Since ∠ A = ∠ B, then 180° - ∠ D = 180° - ∠ C.
So, ∠ C = ∠ D.

(iii) In Δ ABC and Δ BAD:
1. AB = BA (Common)
2. BC = AD (Given)
3. ∠ B = ∠ A (Proved in i)
So, Δ ABC ≅ Δ BAD (by SAS).

(iv) Since Δ ABC ≅ Δ BAD:
AC = BD (by CPCT).


Exercise 8.2

1. ABCD is a quadrilateral in which P, Q, R and S are mid-points of the sides AB, BC, CD and DA (see Fig. 8.20). AC is a diagonal.
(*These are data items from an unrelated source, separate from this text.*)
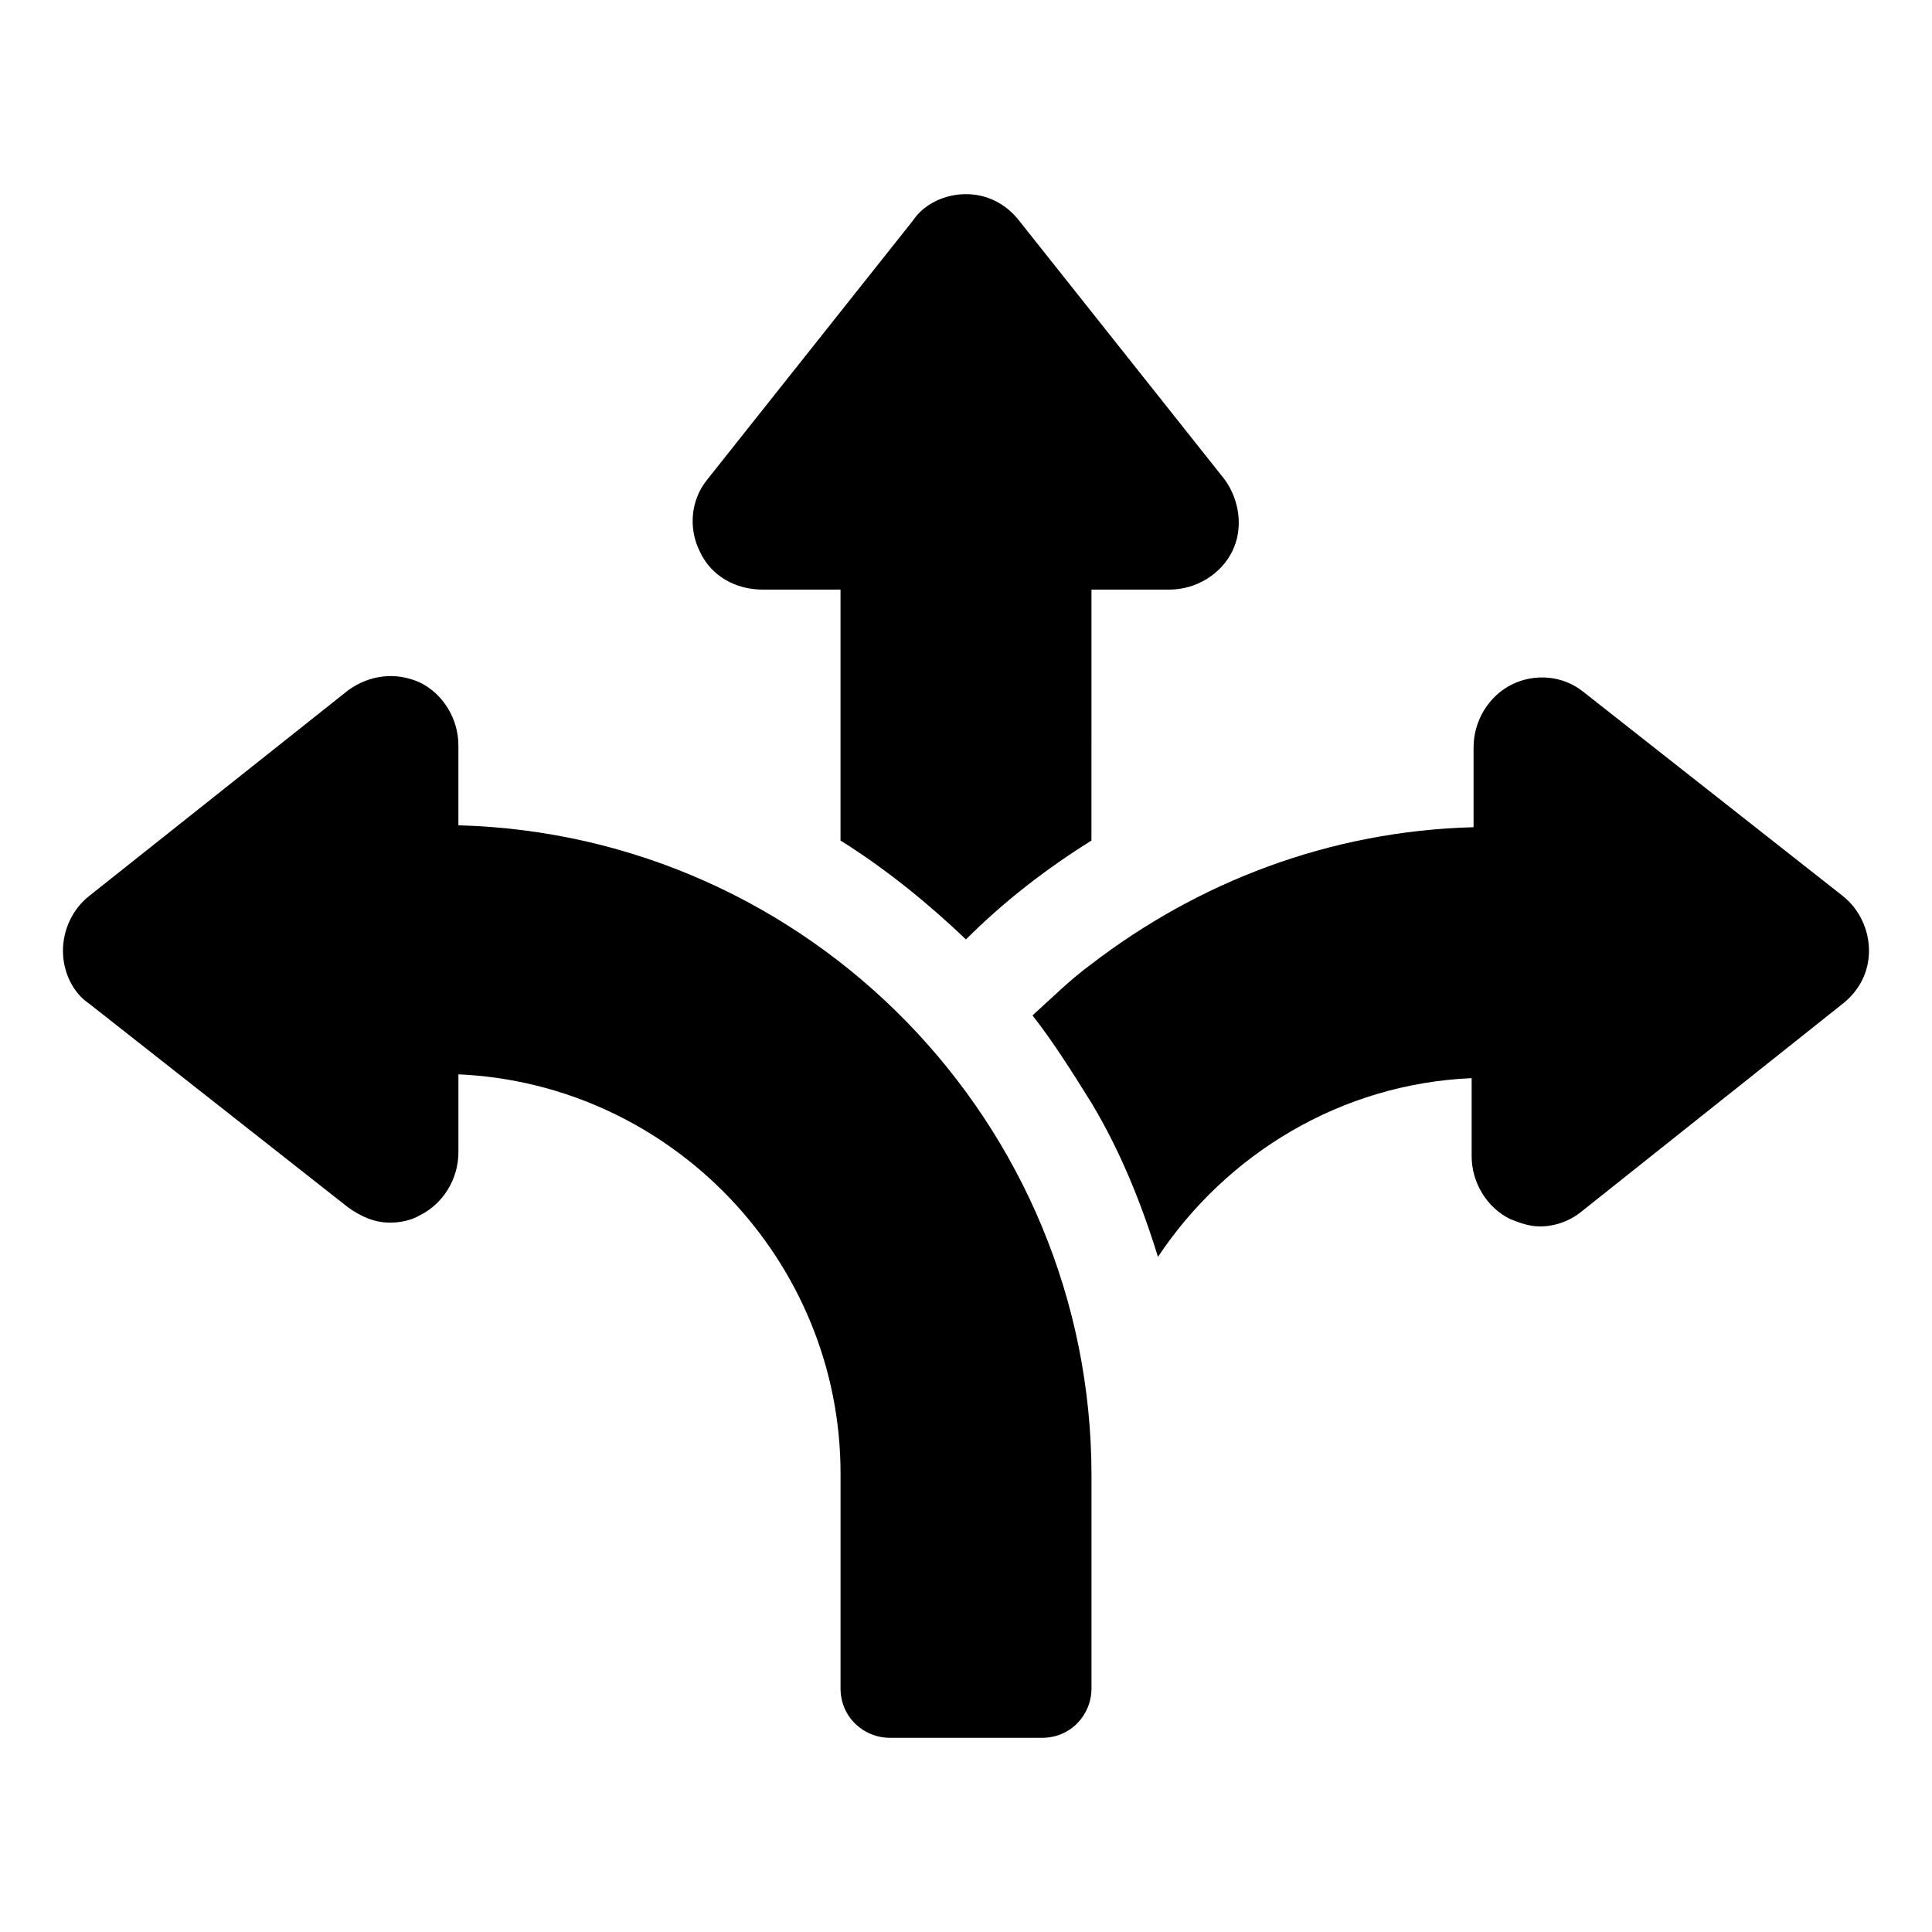 <?xml version="1.0" encoding="UTF-8"?>
<!-- Uploaded to: ICON Repo, www.iconrepo.com, Generator: ICON Repo Mixer Tools -->
<svg fill="#000000" width="800px" height="800px" version="1.1" viewBox="144 144 512 512" xmlns="http://www.w3.org/2000/svg">
 <g>
  <path d="m346.09 300.25h20.656v66.504c12.09 7.559 23.176 16.625 33.25 26.199 10.078-10.078 21.16-18.641 33.25-26.199l0.004-66.504h20.656c7.055 0 13.602-4.031 16.625-10.078s2.016-13.602-2.016-19.145l-54.41-68.52c-3.527-4.535-8.566-7.055-14.105-7.055-5.543 0-11.082 2.519-14.105 7.055l-54.414 68.52c-4.535 5.543-5.039 13.098-2.016 19.145 3.023 6.551 9.574 10.078 16.625 10.078z"/>
  <path d="m632.25 381.36-68.516-53.91c-5.543-4.535-13.098-5.039-19.145-2.016-6.047 3.023-10.078 9.574-10.078 16.625v21.16c-38.289 1.008-73.051 14.609-101.27 36.273-5.543 4.031-10.578 9.07-15.617 13.602 5.543 7.055 10.578 15.113 15.617 23.176 7.559 12.594 13.098 26.199 17.633 40.809 18.137-27.207 48.367-45.848 83.129-47.359v20.656c0 7.055 4.031 13.602 10.078 16.625 2.519 1.008 5.039 2.016 8.062 2.016 4.031 0 8.062-1.512 11.082-4.031l69.02-54.91c4.535-3.527 7.055-8.566 7.055-14.105 0-5.543-2.519-11.086-7.055-14.609z"/>
  <path d="m265.48 362.71v-21.16c0-7.055-4.031-13.602-10.078-16.625-6.551-3.023-13.602-2.016-19.145 2.016l-68.516 54.414c-4.535 3.523-7.055 9.066-7.055 14.609s2.519 11.082 7.055 14.105l68.52 53.906c3.527 2.519 7.055 4.031 11.082 4.031 2.519 0 5.543-0.504 8.062-2.016 6.047-3.023 10.078-9.574 10.078-16.625v-20.656c56.426 2.519 101.27 49.375 101.27 105.8l-0.004 56.93c0 7.559 6.047 13.098 13.098 13.098l40.309 0.004c7.559 0 13.098-6.047 13.098-13.098v-56.43c0-93.203-74.562-169.79-167.77-172.3z"/>
 </g>
</svg>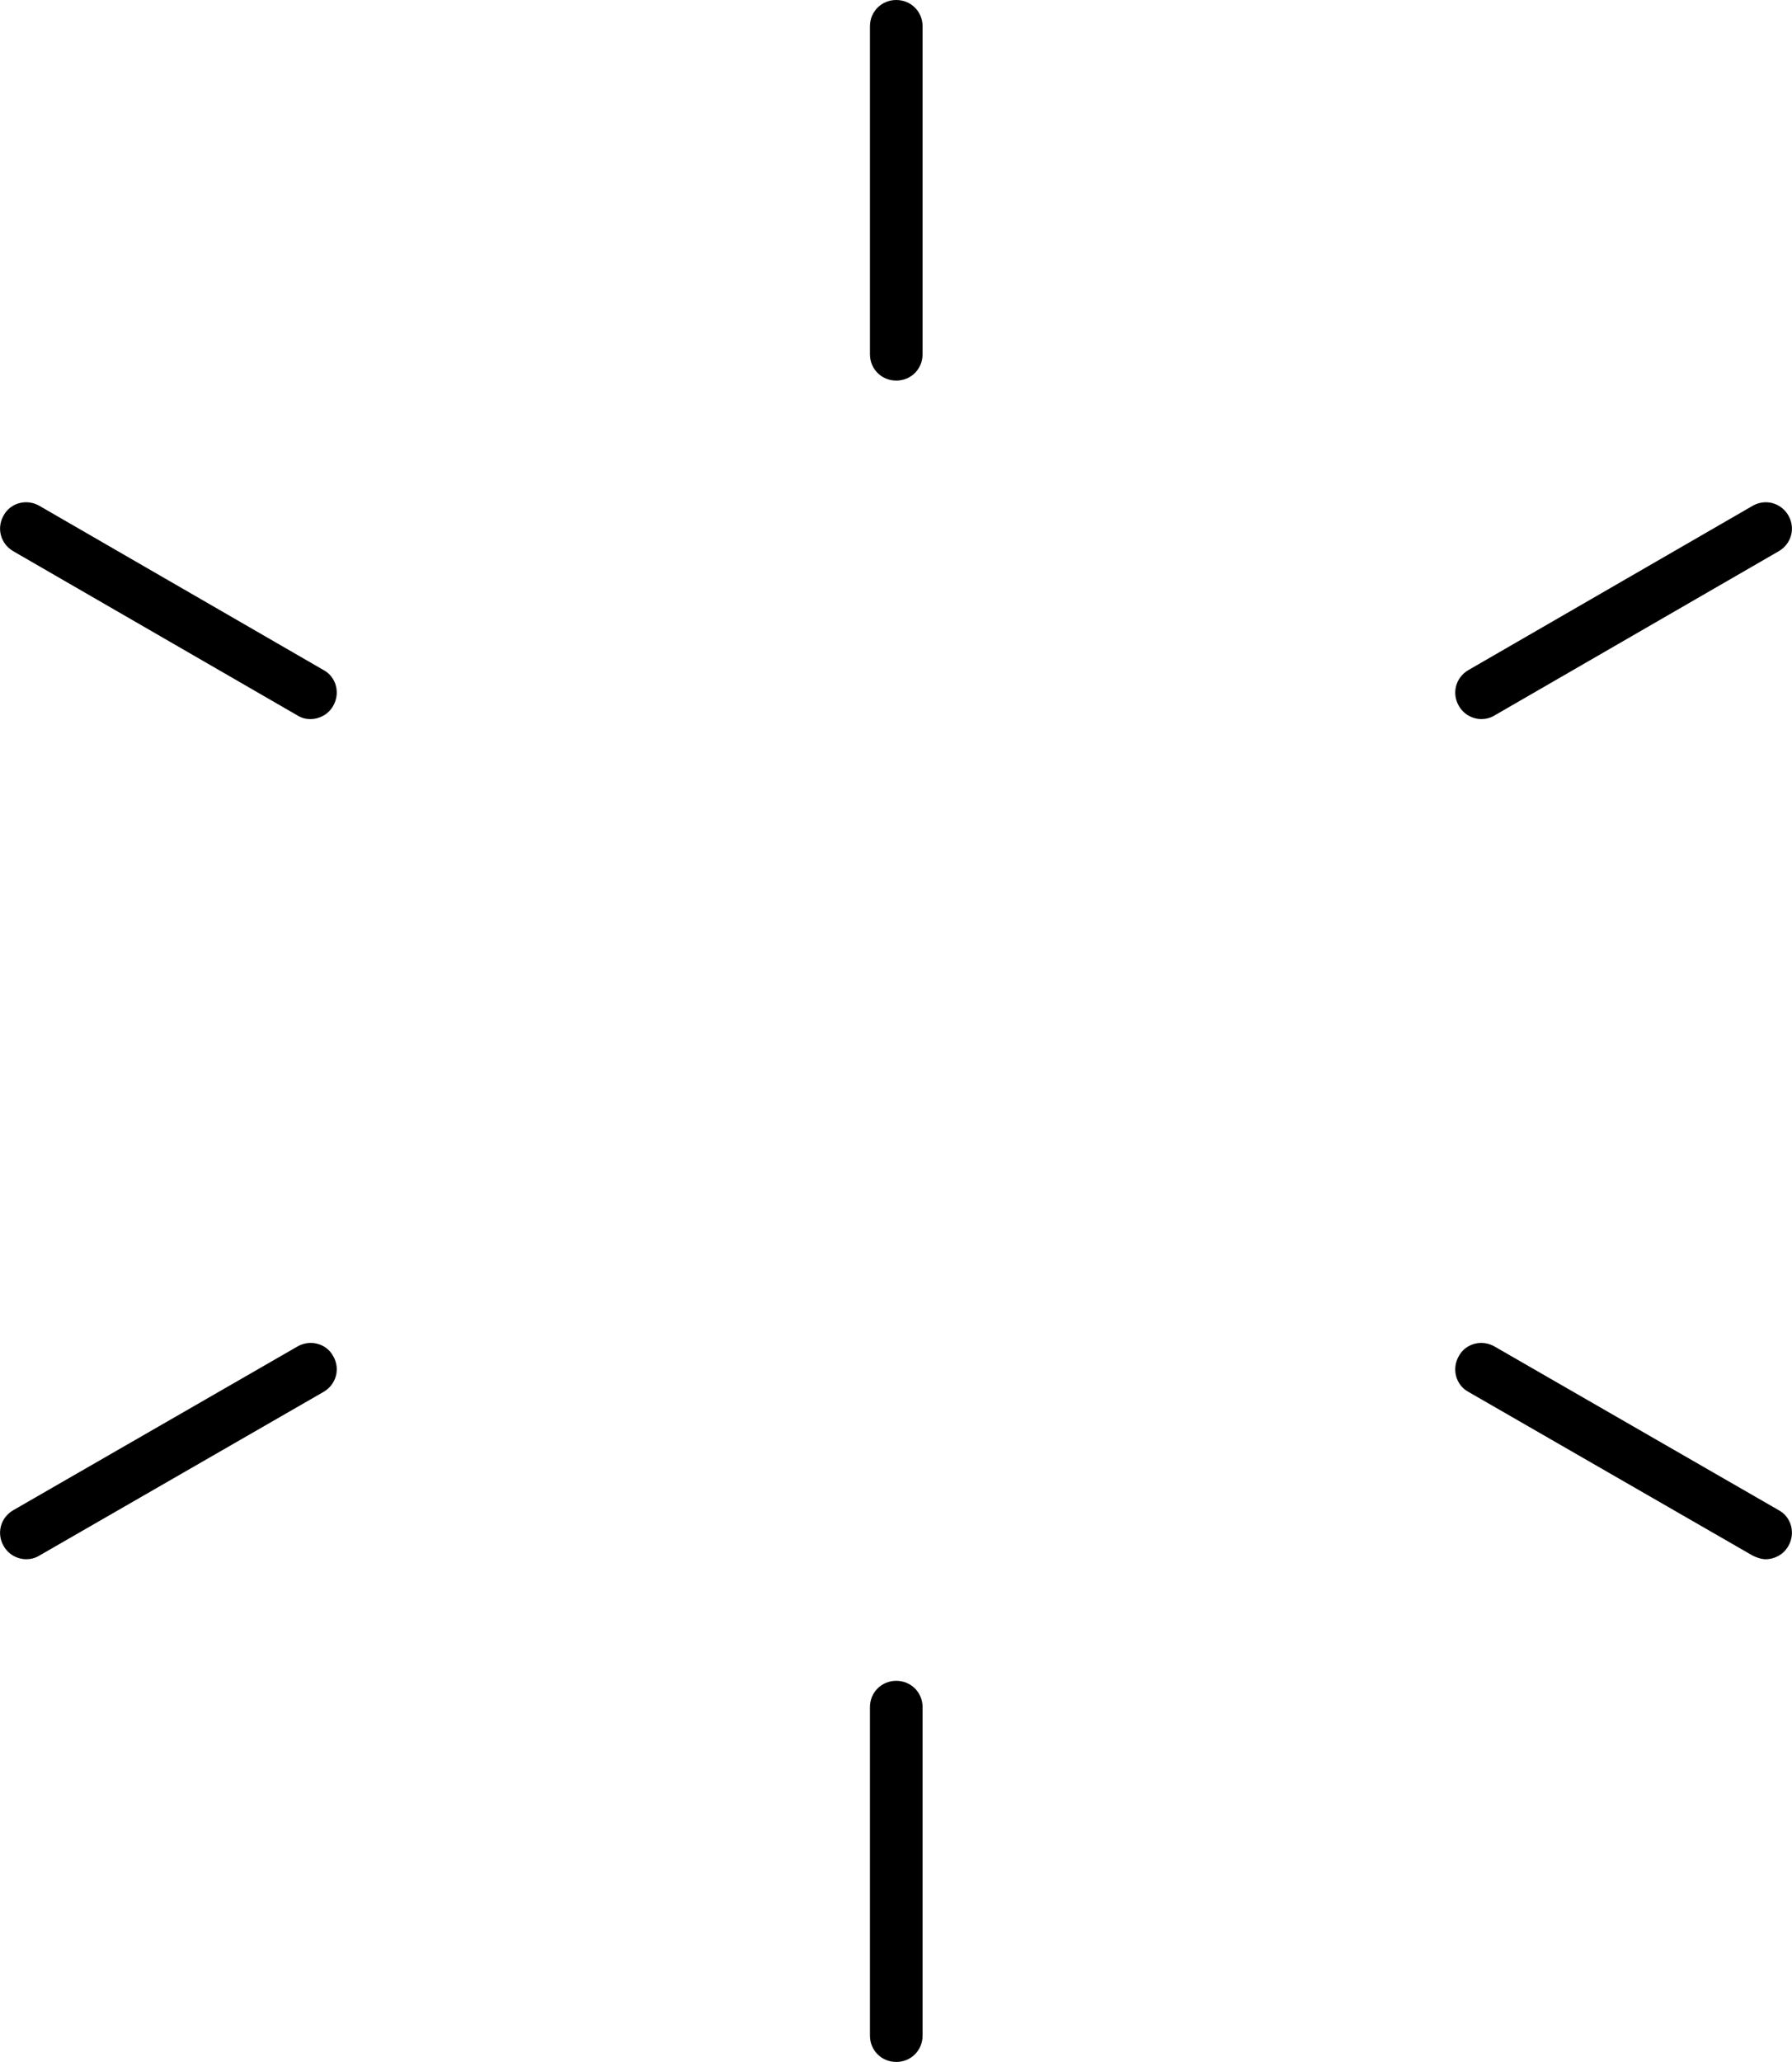 <?xml version="1.0" encoding="UTF-8"?>
<!-- Generator: Adobe Illustrator 26.5.0, SVG Export Plug-In . SVG Version: 6.00 Build 0)  -->
<svg xmlns="http://www.w3.org/2000/svg" xmlns:xlink="http://www.w3.org/1999/xlink" version="1.1" id="Ebene_1" x="0px" y="0px" viewBox="0 0 34.05 39.17" style="enable-background:new 0 0 34.05 39.17;" xml:space="preserve">
<path d="M17.53,32.43v6.24c0,0.28-0.22,0.5-0.5,0.5s-0.5-0.22-0.5-0.5v-6.24c0-0.28,0.22-0.5,0.5-0.5S17.53,32.15,17.53,32.43z   M17.03,0c-0.28,0-0.5,0.22-0.5,0.5v6.23c0,0.28,0.22,0.5,0.5,0.5s0.5-0.22,0.5-0.5V0.5C17.53,0.22,17.31,0,17.03,0z M5.65,25.58  l-5.4,3.11c-0.24,0.14-0.32,0.44-0.18,0.68c0.09,0.16,0.26,0.25,0.43,0.25c0.08,0,0.17-0.02,0.25-0.07l5.4-3.11  c0.24-0.14,0.32-0.44,0.18-0.68C6.2,25.52,5.89,25.44,5.65,25.58z M28.15,13.66c0.08,0,0.17-0.02,0.25-0.07l5.4-3.12  c0.24-0.14,0.32-0.44,0.18-0.68c-0.14-0.24-0.44-0.32-0.68-0.18l-5.4,3.12c-0.24,0.14-0.32,0.44-0.18,0.68  C27.81,13.57,27.98,13.66,28.15,13.66z M6.15,12.73l-5.4-3.12C0.51,9.47,0.2,9.55,0.07,9.79c-0.14,0.24-0.06,0.54,0.18,0.68  l5.4,3.12c0.08,0.05,0.16,0.07,0.25,0.07c0.17,0,0.34-0.09,0.43-0.25C6.47,13.17,6.39,12.86,6.15,12.73z M33.8,28.69l-5.4-3.11  c-0.24-0.14-0.55-0.06-0.68,0.18c-0.14,0.24-0.06,0.55,0.18,0.68l5.4,3.11c0.08,0.04,0.17,0.07,0.25,0.07  c0.17,0,0.34-0.09,0.43-0.25C34.12,29.13,34.04,28.82,33.8,28.69z"></path>
</svg>

Show that:
(i) SR || AC and SR = 1/2 AC
(ii) PQ = SR
(iii) PQRS is a parallelogram.

(i) In Δ ADC:
S is the mid-point of DA and R is the mid-point of DC.
By Mid-point Theorem, the line segment joining the mid-points of two sides of a triangle is parallel to the third side and half of it.
So, SR || AC and SR = 1/2 AC.


(ii) Similarly, in Δ ABC:
P is the mid-point of AB and Q is the mid-point of BC.
By Mid-point Theorem, PQ || AC and PQ = 1/2 AC.
From (i), SR = 1/2 AC.
Therefore, PQ = SR.

(iii) We have proved PQ || AC and SR || AC, so PQ || SR.
Also PQ = SR.
Since a pair of opposite sides (PQ and SR) are equal and parallel, PQRS is a parallelogram.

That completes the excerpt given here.